#  Part 1 - Cleaning Up Landsat Folders

We want to reorganize the chaotic landsat folders into something more sane.  For this notebook, we check a staging area and move data into a collection folder. 

The issue is that a single Collection ID may have 4+ different product types.  There is the raw input files, Surface Temperature, Surface Reflectance, TOA products, and Quality. 

In [1]:
## Step 1 - Import Required Libraries

In [2]:
import configparser, datetime, glob, logging, os, sys, time

import pandas as pd

from tqdm import notebook as tqdm

In [3]:
#  DUG API
sys.path.insert(0,'..')
from dug_api.CollectID import CollectID, FileType
from dug_api.config import Configuration

Configure the logger.  

In [4]:
logging.basicConfig(level=logging.DEBUG)
logger = logging.getLogger('Notebook')
logger.info( f'This Notebook run at {datetime.datetime.now().strftime("%Y:%m:%d %H:%M:%S")}' )

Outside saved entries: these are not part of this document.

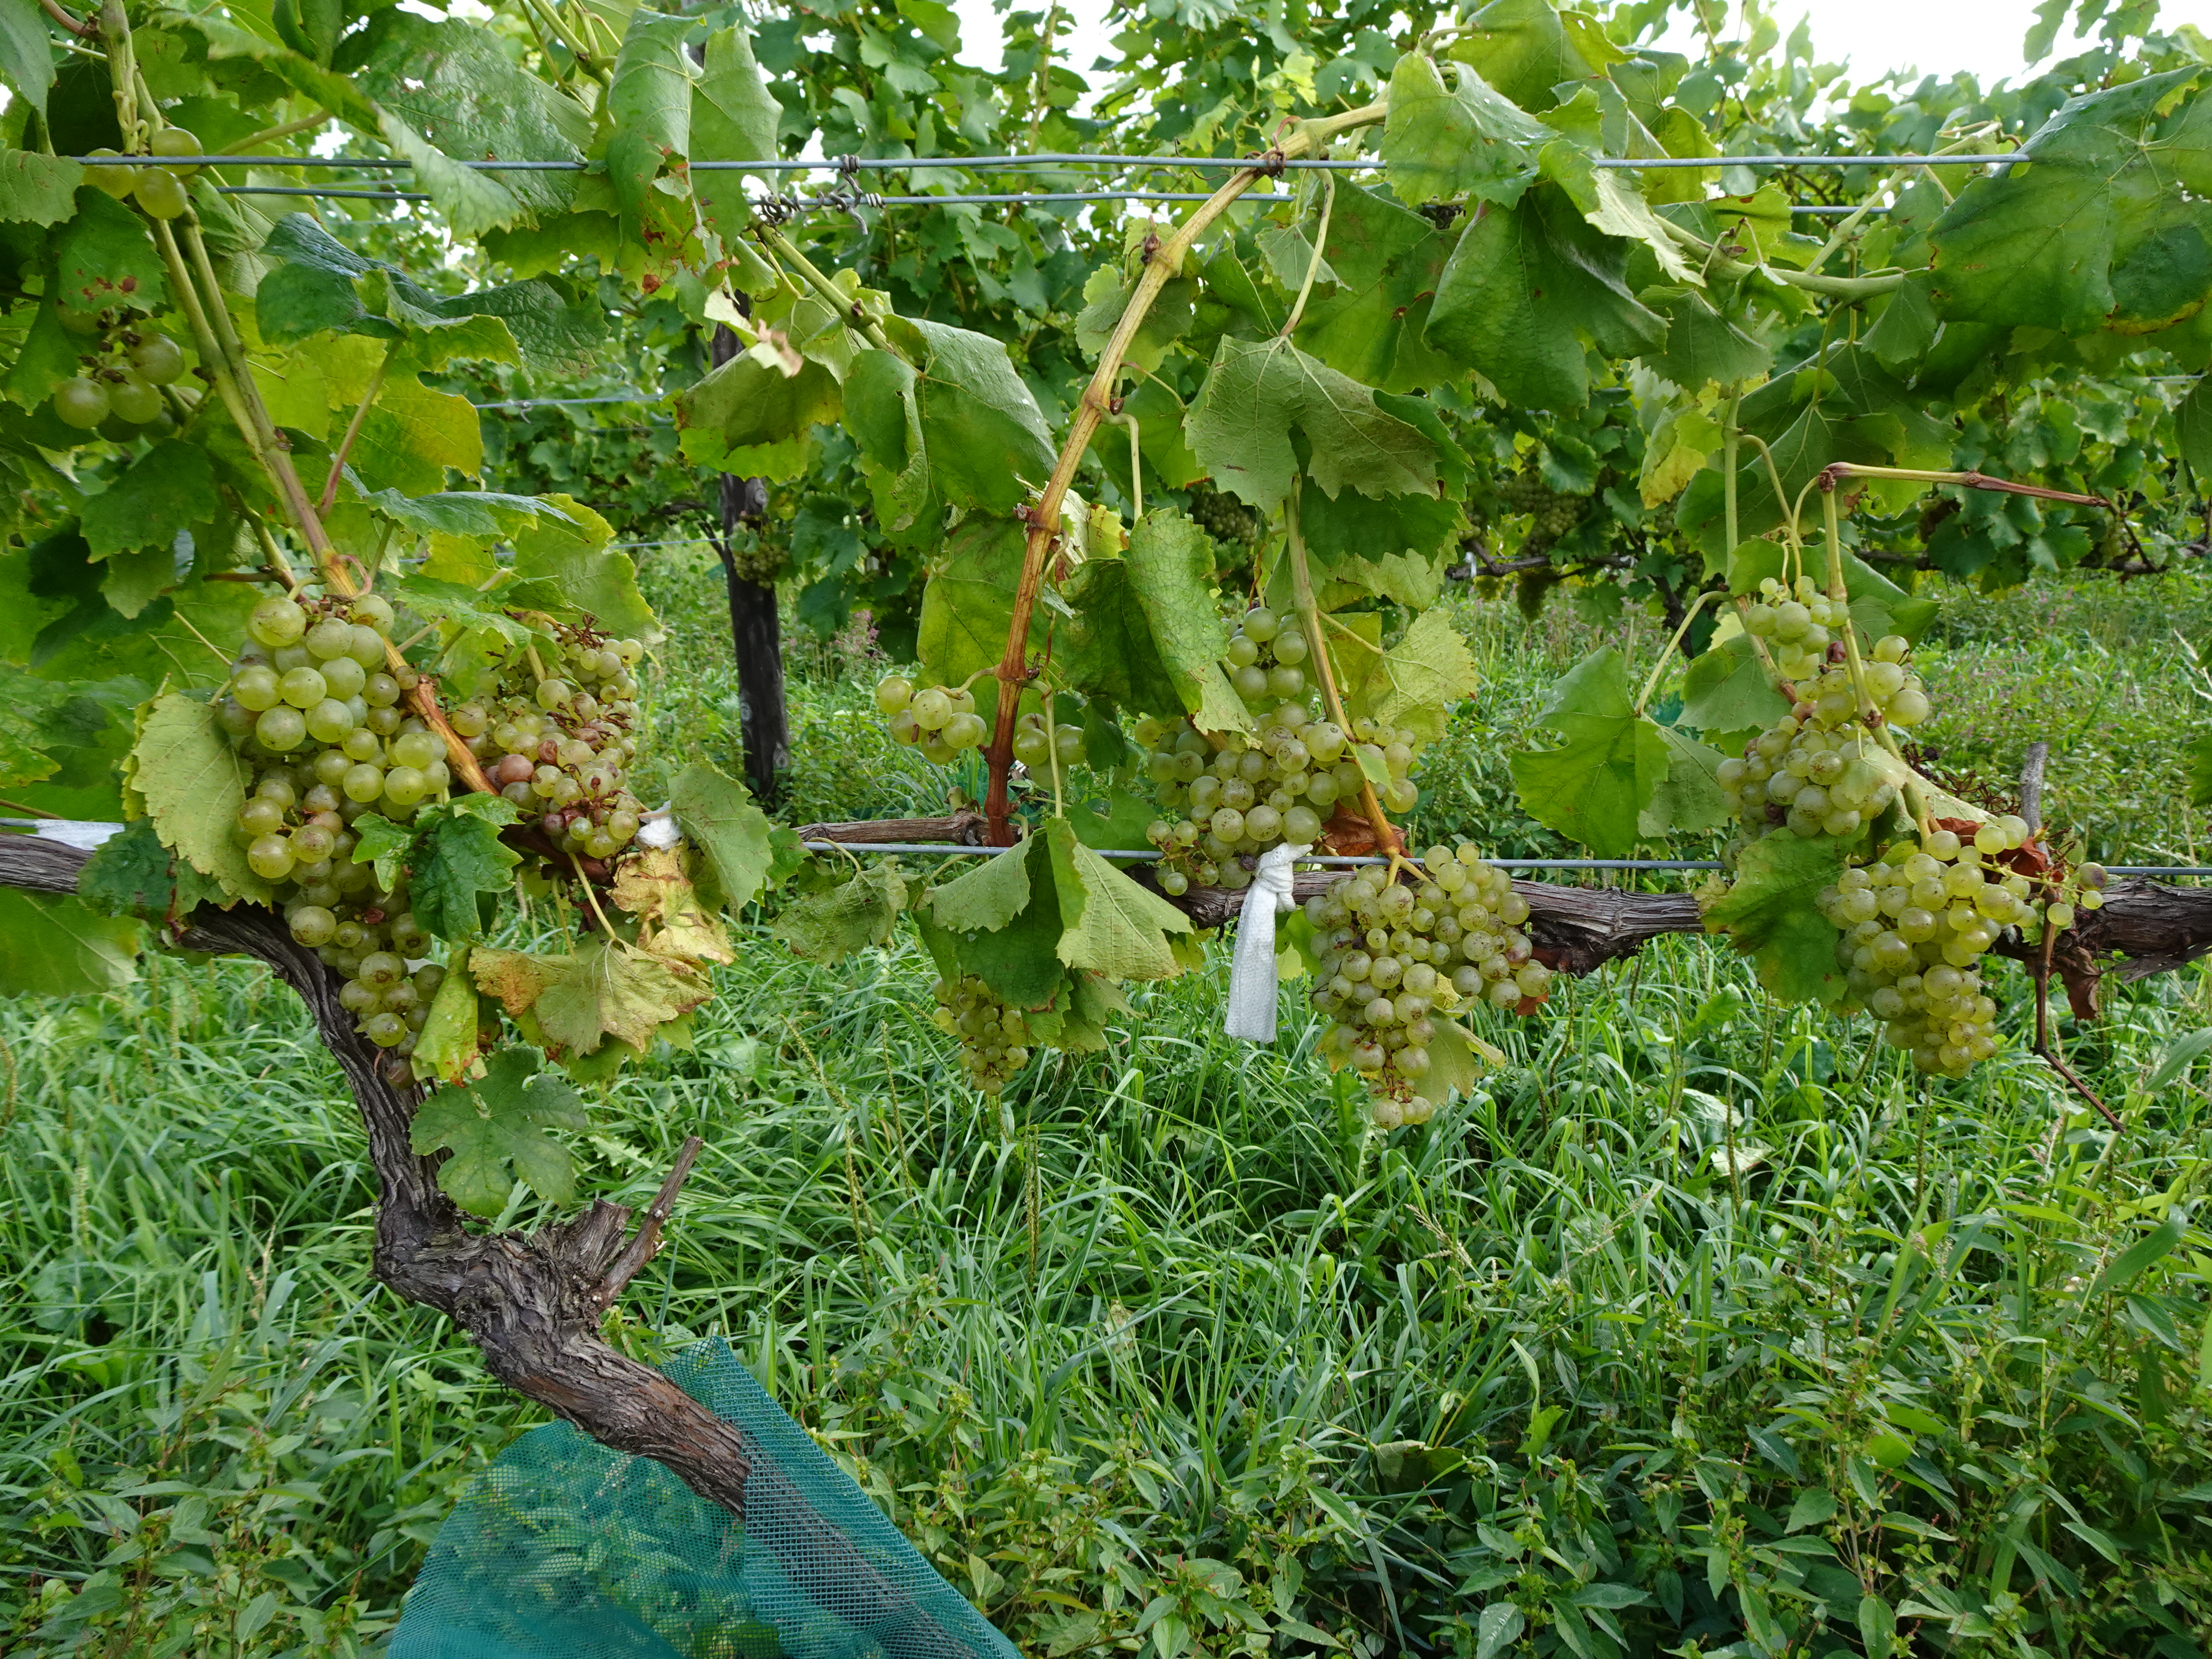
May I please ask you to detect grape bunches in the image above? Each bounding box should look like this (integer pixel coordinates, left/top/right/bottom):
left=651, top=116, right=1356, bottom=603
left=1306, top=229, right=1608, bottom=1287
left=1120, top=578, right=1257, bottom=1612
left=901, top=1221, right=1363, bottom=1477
left=452, top=626, right=644, bottom=859
left=52, top=127, right=204, bottom=429
left=1815, top=831, right=2015, bottom=1077
left=875, top=674, right=987, bottom=765
left=1743, top=576, right=1849, bottom=680
left=1303, top=862, right=1449, bottom=1130
left=1715, top=634, right=1928, bottom=870
left=1012, top=712, right=1089, bottom=792
left=230, top=763, right=500, bottom=1085
left=1146, top=714, right=1419, bottom=895
left=1132, top=715, right=1211, bottom=812
left=1958, top=815, right=2107, bottom=926
left=1226, top=606, right=1315, bottom=734
left=1406, top=841, right=1553, bottom=1011
left=931, top=977, right=1029, bottom=1096
left=218, top=594, right=452, bottom=819

INFO:Notebook:This Notebook run at 2024:01:05 15:01:34


## Step 2 - Loading Configuration Data

In [5]:
config = Configuration( '../data/options.cfg' )
logger.info( f'Is Configuration Valid:  {config.is_valid()}' )

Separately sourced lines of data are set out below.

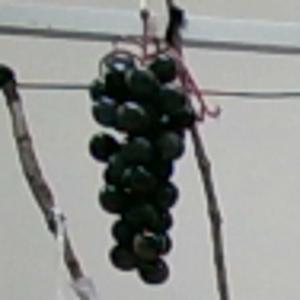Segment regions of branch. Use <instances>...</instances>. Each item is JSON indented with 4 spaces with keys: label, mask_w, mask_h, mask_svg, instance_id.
<instances>
[{
    "label": "branch",
    "mask_w": 300,
    "mask_h": 300,
    "mask_svg": "<svg viewBox=\"0 0 300 300\" xmlns=\"http://www.w3.org/2000/svg\"><path fill=\"white\" fill-rule=\"evenodd\" d=\"M192 140L194 162H196L200 181L206 199L207 221L209 223L211 254L213 258V267L216 277V292L219 300H232L230 286L227 282L226 256L224 252V217H222L218 198L215 192V185L212 178V160L205 151L202 142V132H200L199 123L196 119L195 125L189 131H186Z\"/></svg>",
    "instance_id": "branch-2"
},
{
    "label": "branch",
    "mask_w": 300,
    "mask_h": 300,
    "mask_svg": "<svg viewBox=\"0 0 300 300\" xmlns=\"http://www.w3.org/2000/svg\"><path fill=\"white\" fill-rule=\"evenodd\" d=\"M0 92L10 117L18 162L28 190L47 231L55 240L62 274L75 300H99L94 279L87 274L71 244L67 216L59 209L51 186L34 150V139L25 117L23 99L18 90L17 72L9 64L0 63Z\"/></svg>",
    "instance_id": "branch-1"
},
{
    "label": "branch",
    "mask_w": 300,
    "mask_h": 300,
    "mask_svg": "<svg viewBox=\"0 0 300 300\" xmlns=\"http://www.w3.org/2000/svg\"><path fill=\"white\" fill-rule=\"evenodd\" d=\"M165 9L168 15L167 24L162 33V41L164 42V54L176 58L180 65V72L177 76L180 87L184 88L191 94V79L189 70L185 65L184 53L182 49V31L189 24L188 13L178 6L175 0H164Z\"/></svg>",
    "instance_id": "branch-3"
}]
</instances>

DEBUG:root:No Landsat Collection List at /Volumes/data/imagery/Landsat/collections.xlsx
INFO:Notebook:Is Configuration Valid:  True


In [6]:
staging_path = config.config['general']['image_staging_path']
collect_path = config.config['general']['image_collection_path']

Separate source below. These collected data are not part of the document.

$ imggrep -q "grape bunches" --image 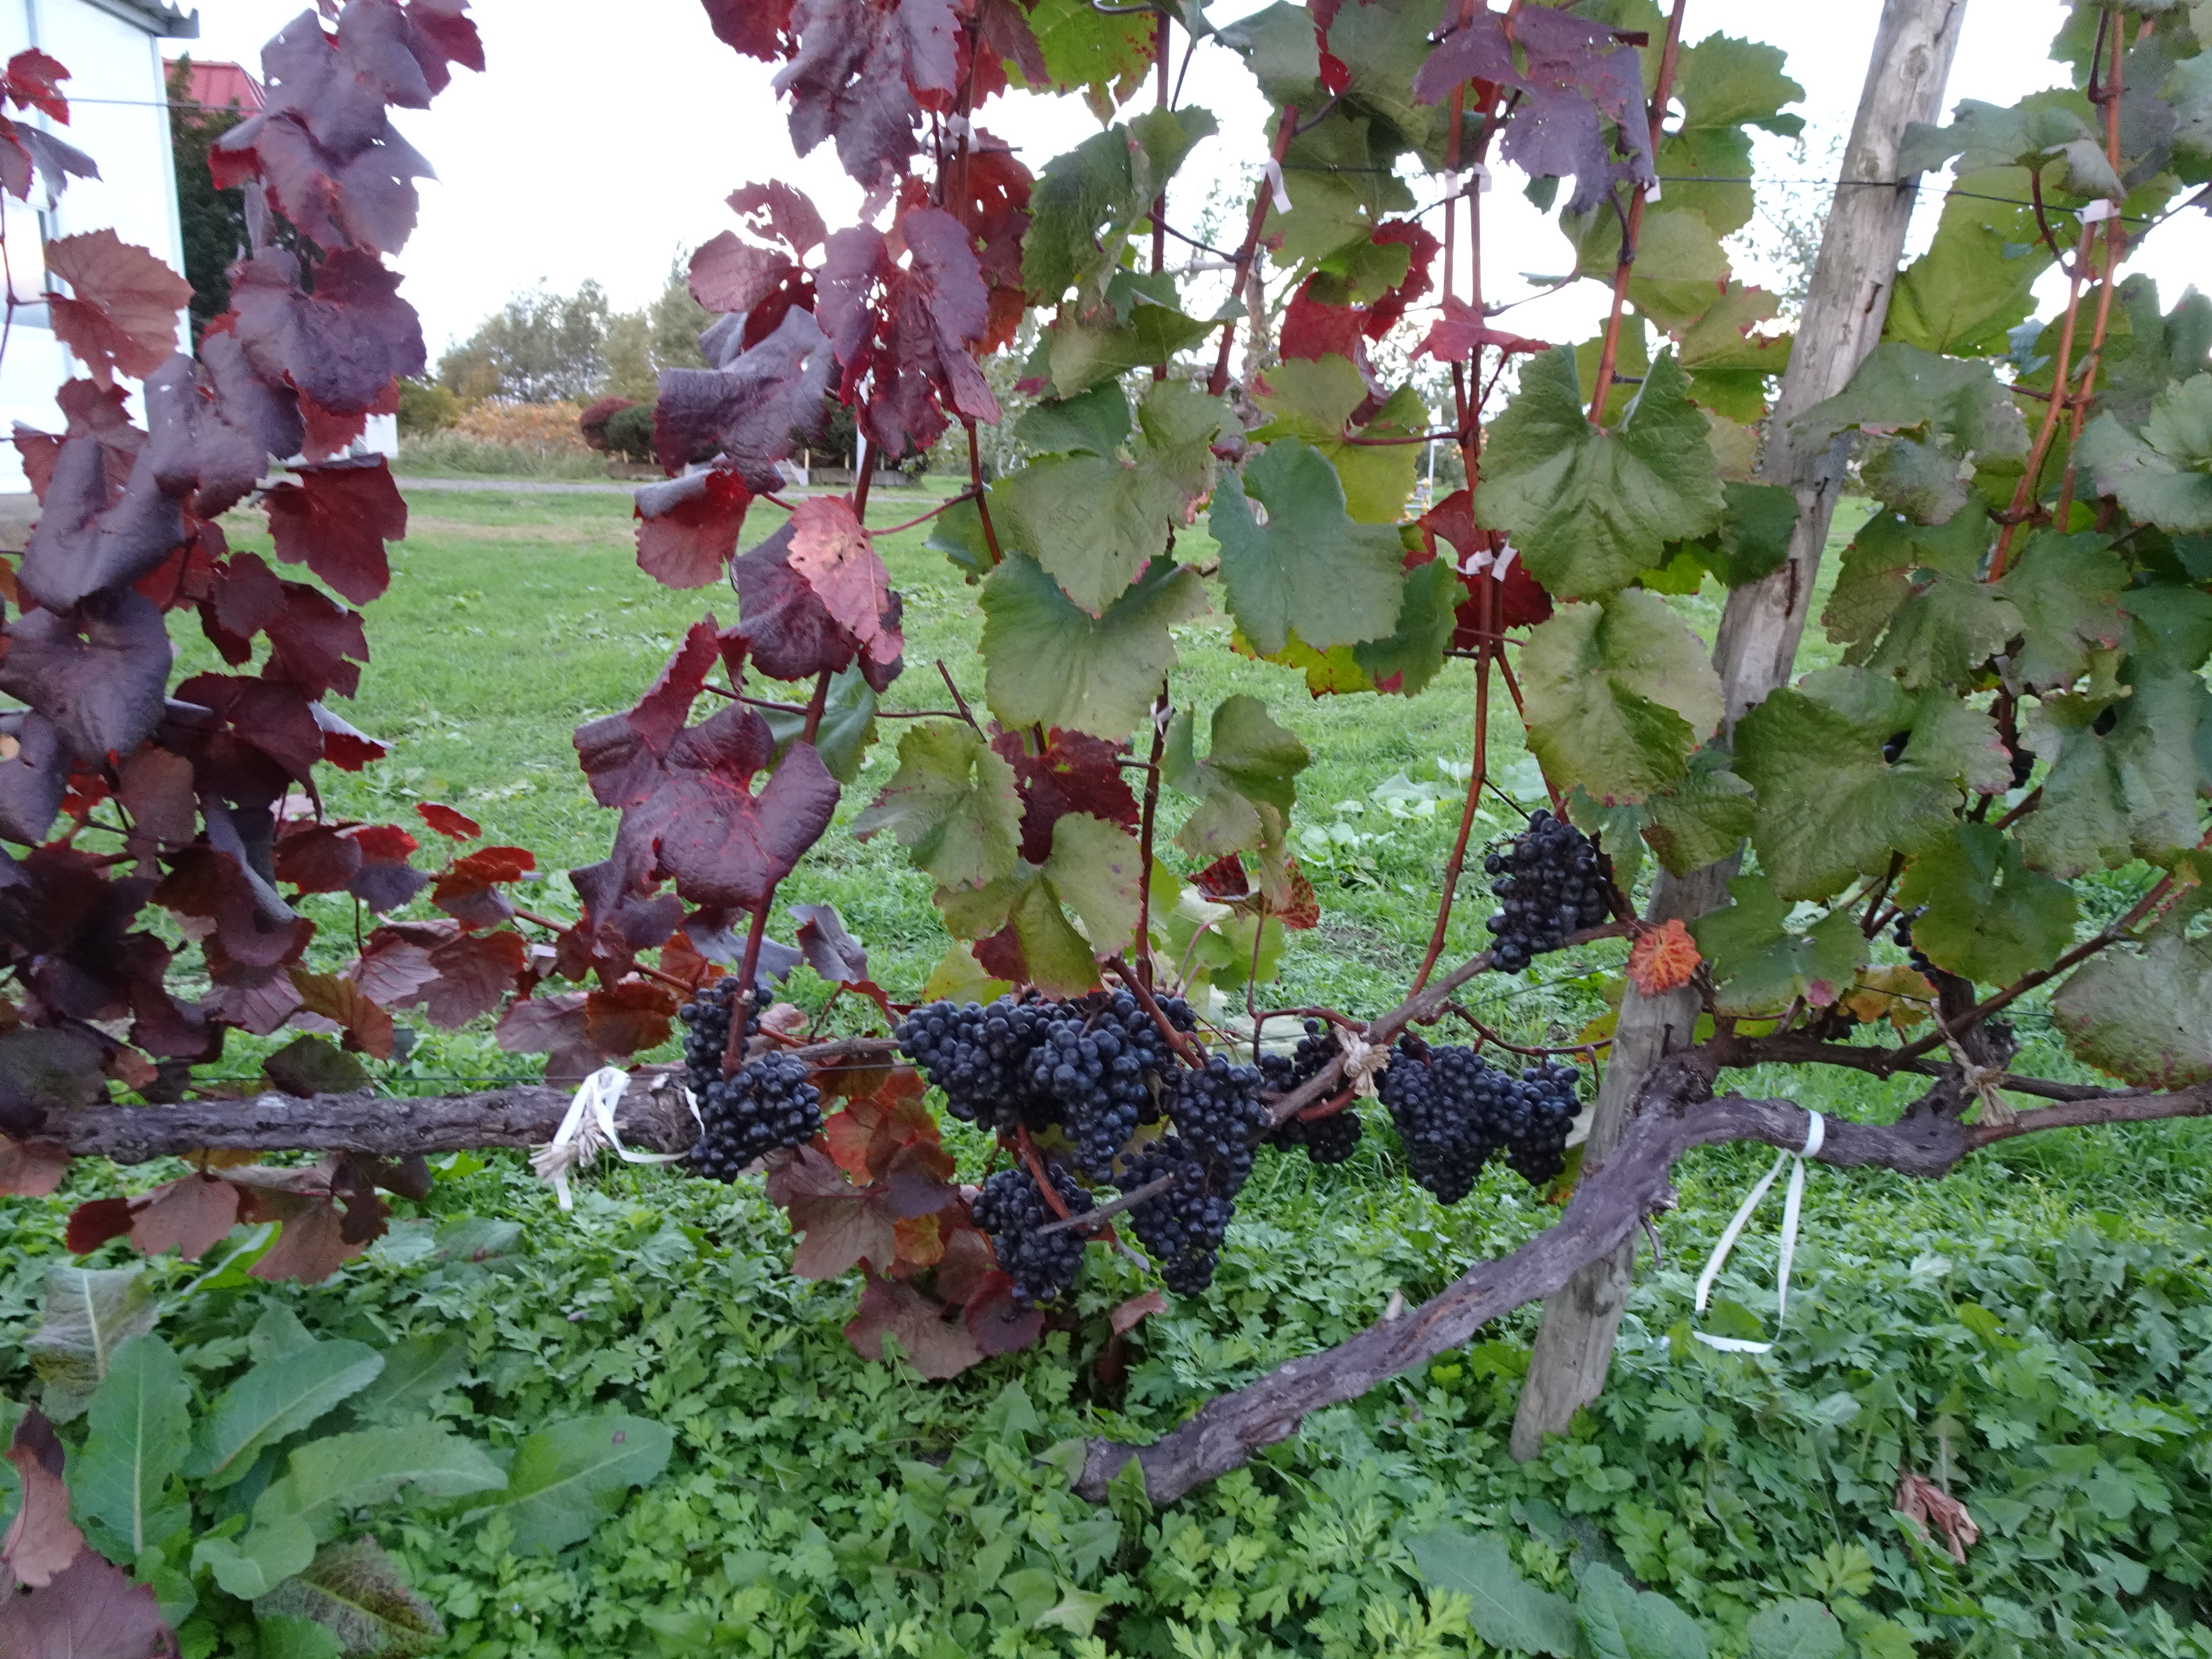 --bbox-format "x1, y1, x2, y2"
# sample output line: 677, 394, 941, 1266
1023, 1020, 1151, 1182
1504, 1052, 1589, 1190
1876, 714, 1916, 768
1823, 999, 1862, 1045
676, 971, 774, 1104
1985, 716, 2043, 804
1107, 1137, 1233, 1302
1479, 806, 1612, 976
1369, 1030, 1448, 1172
1891, 892, 1955, 996
1251, 1040, 1319, 1157
1291, 1014, 1365, 1166
1095, 984, 1197, 1086
1009, 999, 1087, 1039
1425, 1045, 1543, 1207
891, 999, 1025, 1132
688, 1048, 827, 1187
1172, 1047, 1272, 1205
969, 1161, 1098, 1308

## Step 3 - Look at Staging Folders

In [7]:
invalid_folders = []
valid_folders = []

paths = glob.glob( f'{staging_path}/*' )

for path in paths:
    
    #  Check if directory has a Landsat CID
    c = CollectID.from_pathname( path )

    #  Capture invalid folders for double-checking
    if c is None:
        invalid_folders.append( path )

    else:
        # Create a folder in the destination
        valid_folders.append( { 'src': path, 'dest': c.to_cid_folder() } )

All valid CID folders need to be created, with the collection category stripped out, to the destination folder.

In [8]:
already_exists = []
didnt_exist = []

for entry in valid_folders:

    pname = os.path.join( collect_path, entry['dest'] )
    
    if os.path.exists( pname ):
        already_exists.append( pname )
    else:
        didnt_exist.append( pname )
        os.makedirs( pname )

Here is what we are going to copy over

In [9]:
#for f in didnt_exist:
#    print(f)

Here is what already existed

In [10]:
#for f in already_exists:
#    print(f)

Now we copy everything

In [11]:
pbar_dirs = tqdm.tqdm( total = len(valid_folders) )

for entry in valid_folders:

    valid_path = f'{entry["src"]}/*'
    paths = glob.glob( valid_path )

    cid = os.path.basename( entry['dest'] )

    #  For each object, check if it's destination path already exists
    for p in paths:

        dst_path = os.path.join( collect_path, cid, os.path.basename( p ) )

        if os.path.exists( dst_path ):
            logging.error( f'destination path exists ({dst_path}) for input ({p}).' )
        else:
            cmd = f'mv {p} {dst_path}'
            logging.debug( cmd )
            os.system( cmd )

    pbar_dirs.update(1)
    

0it [00:00, ?it/s]